Happy Sunday! I am alternating working on professional projects with yoga, a little blogging and time with friends this week. I have a very full day ahead of me, but wanted to share this quick chia pudding recipe to add to your breakfast or snack repertoires.
For me, chia puddings are the ultimate fast food – yes they take a bit of time to soak and pudding up, but once you mix the ingredients, you can forget about it until it this time to eat. I eat them for breakfast and sometimes as snack. I love my Almond Banana Chocolate Chia Pudding and Almond Mocha Chia Puddings (you can see other chia puddings and breakfast ideas here). I also often check out Gena’s blog for chia ideas – she has a whole page of chia puddings. I usually substitute stevia for any dates or other sweetener – I love this Vega variation, minus the banana and topped with frozen blueberries. The beauty of chia puddings is you can assemble them the night before.

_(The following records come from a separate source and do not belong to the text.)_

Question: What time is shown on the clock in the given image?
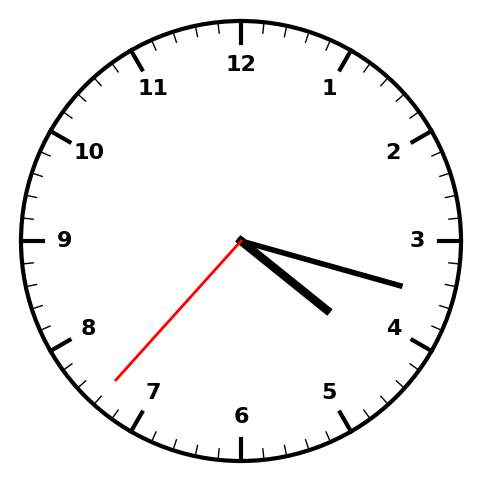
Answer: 04:17:37
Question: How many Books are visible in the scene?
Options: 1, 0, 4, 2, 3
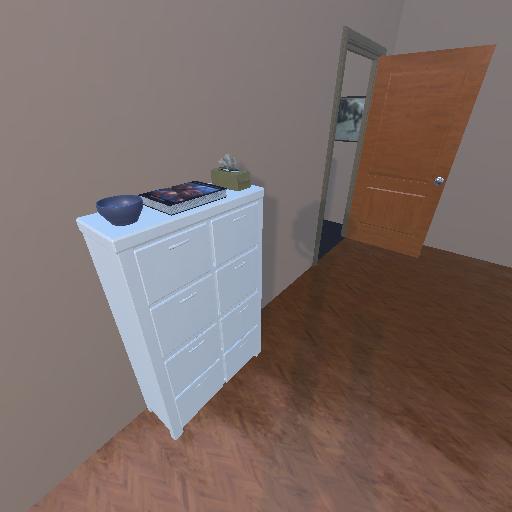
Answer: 1
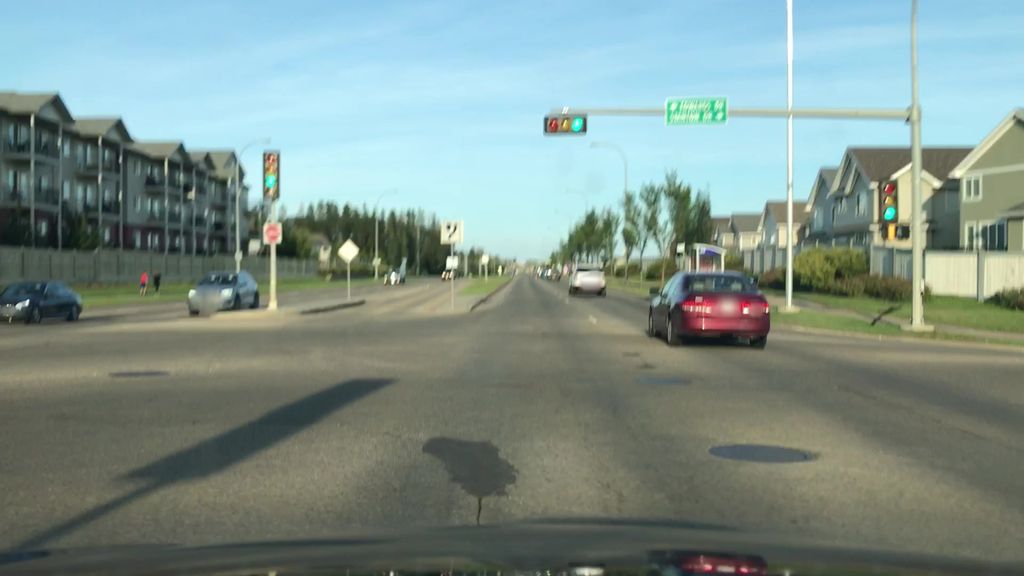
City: edmonton
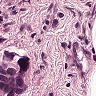
Metastatic tissue present: no
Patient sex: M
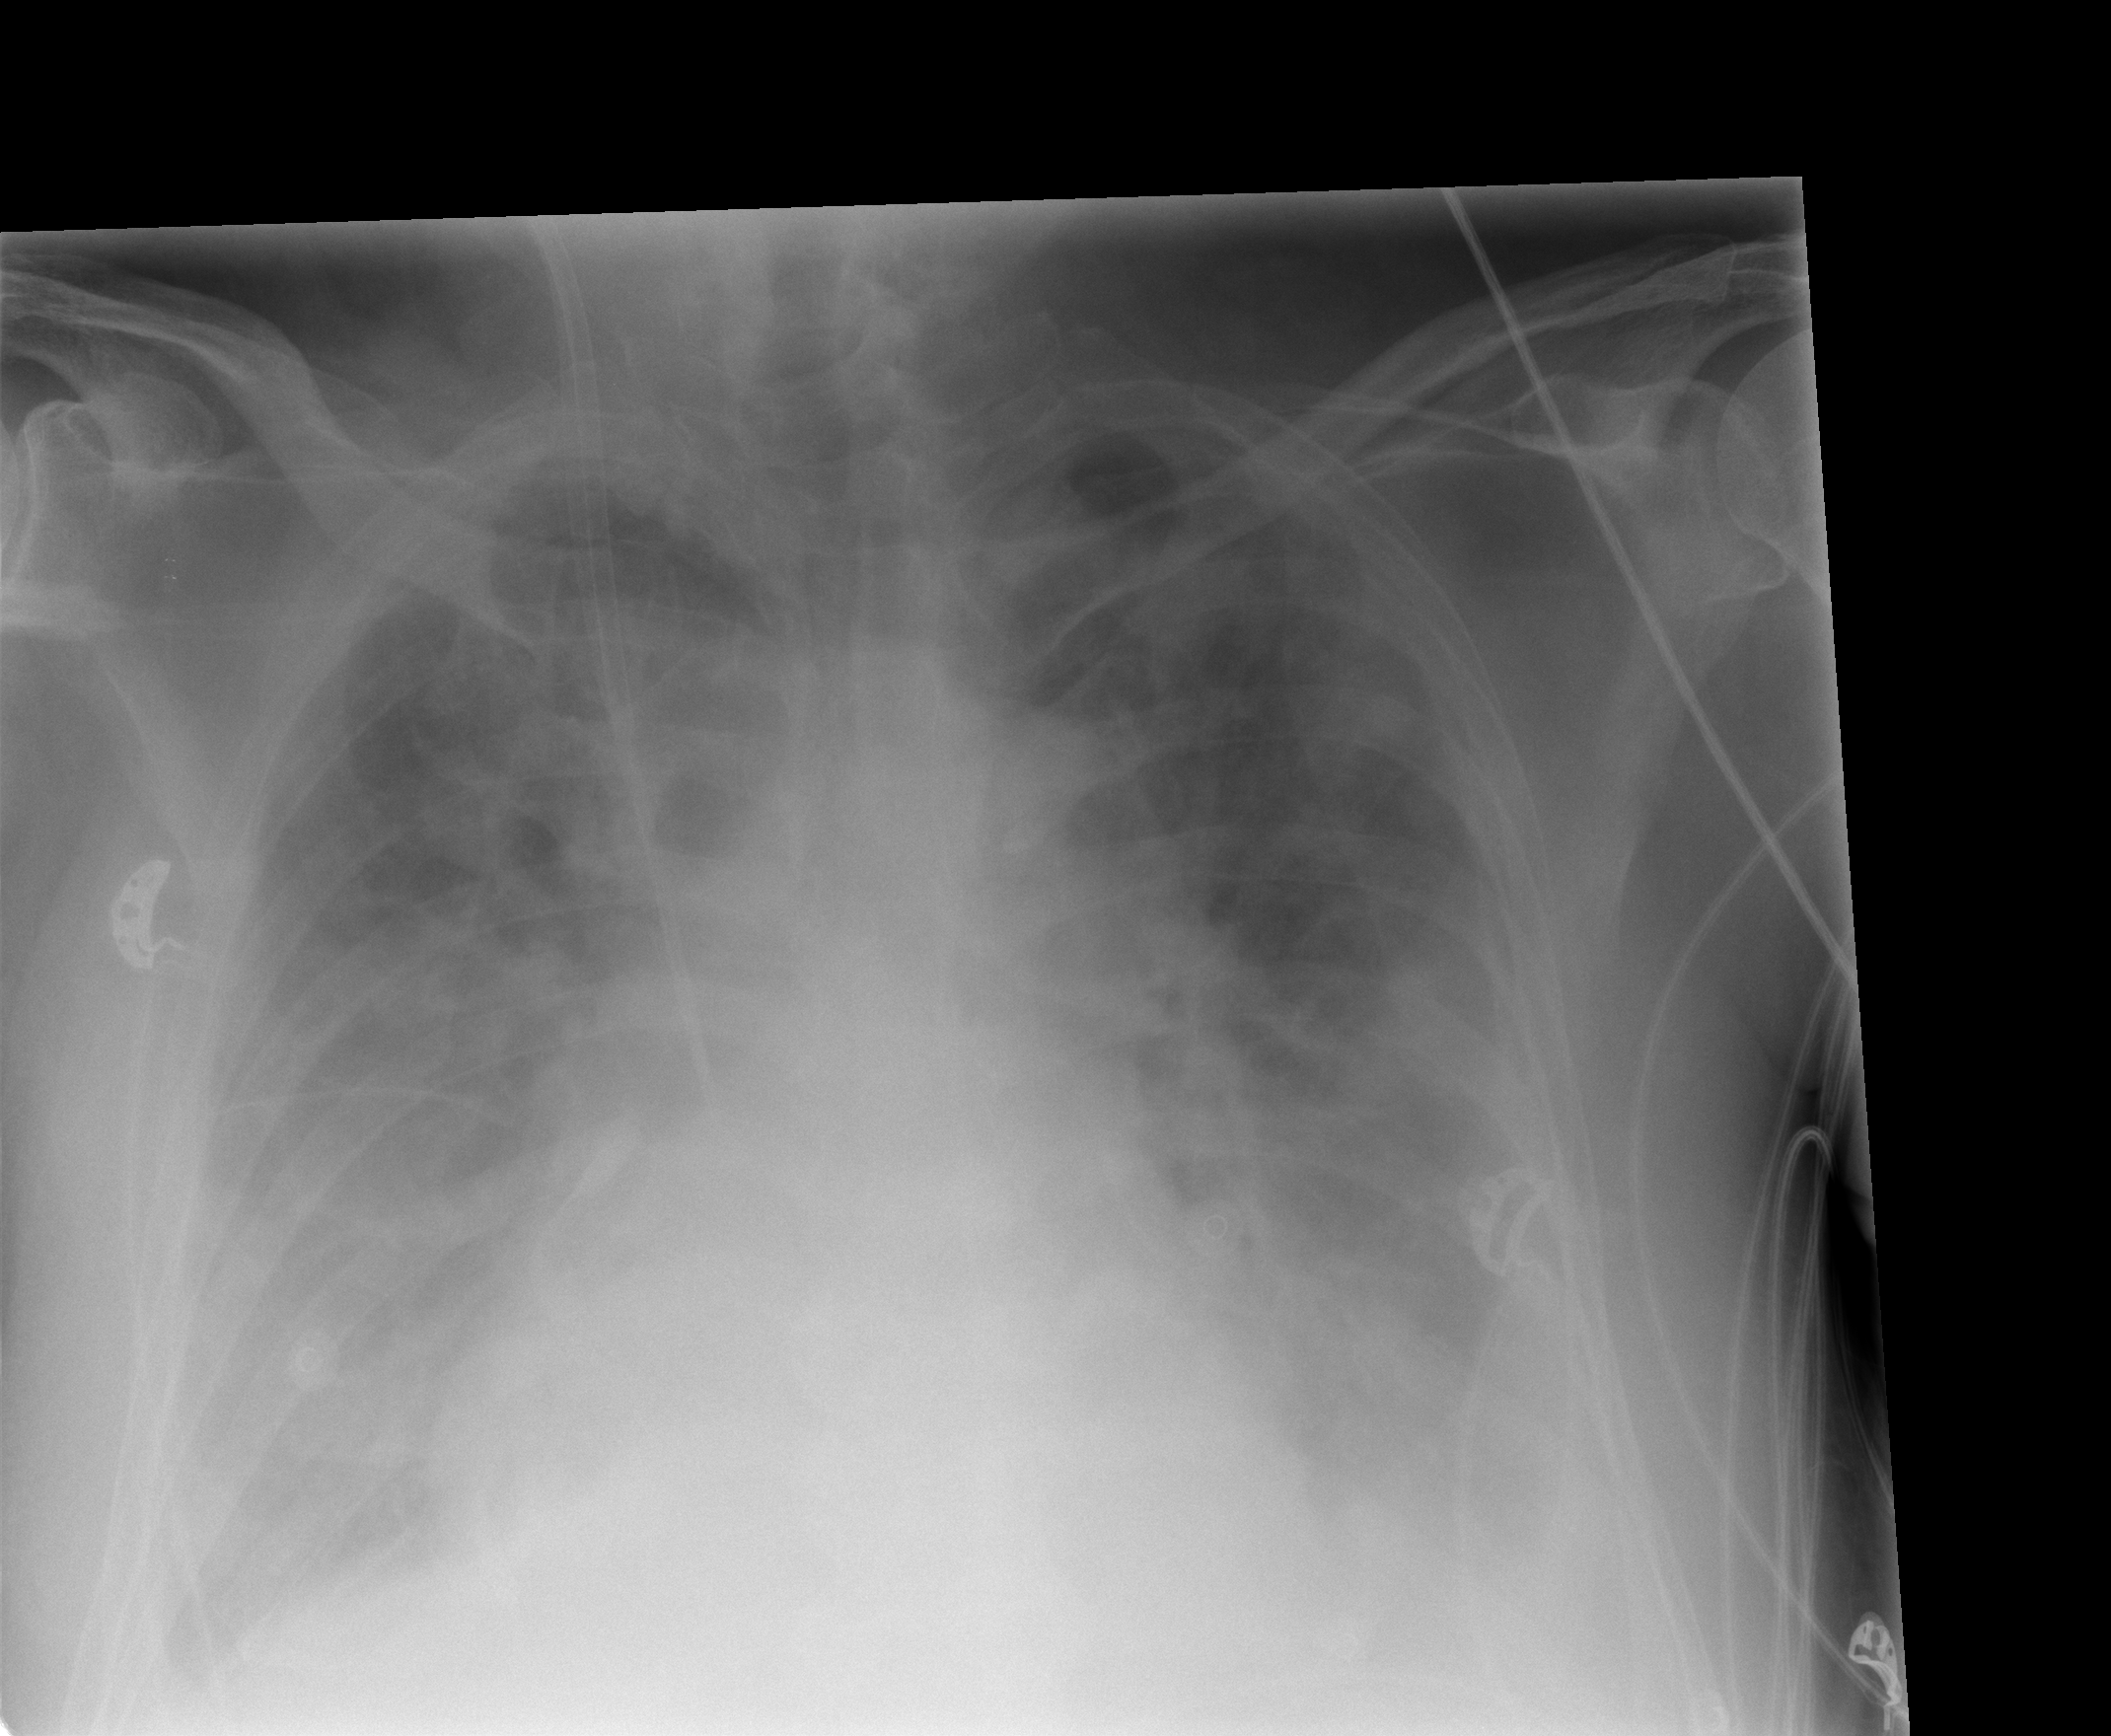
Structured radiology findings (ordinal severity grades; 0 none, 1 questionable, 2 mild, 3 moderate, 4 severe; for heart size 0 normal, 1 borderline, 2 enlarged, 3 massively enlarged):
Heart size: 2
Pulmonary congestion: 0
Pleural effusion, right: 3
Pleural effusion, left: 3
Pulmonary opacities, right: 0
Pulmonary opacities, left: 0
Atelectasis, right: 3
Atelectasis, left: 3

The Vega variation is what led me to this particular flavor combination. No, it won’t win any awards for looks (then again, chia puddings don’t often), but the combination of frozen raspberries and cacao nibs with nut butter of your choice makes the whole thing taste like dessert. Unlike dessert, however, this is the kind of breakfast that keeps me full for hours, on account of the combination of fiber and fat.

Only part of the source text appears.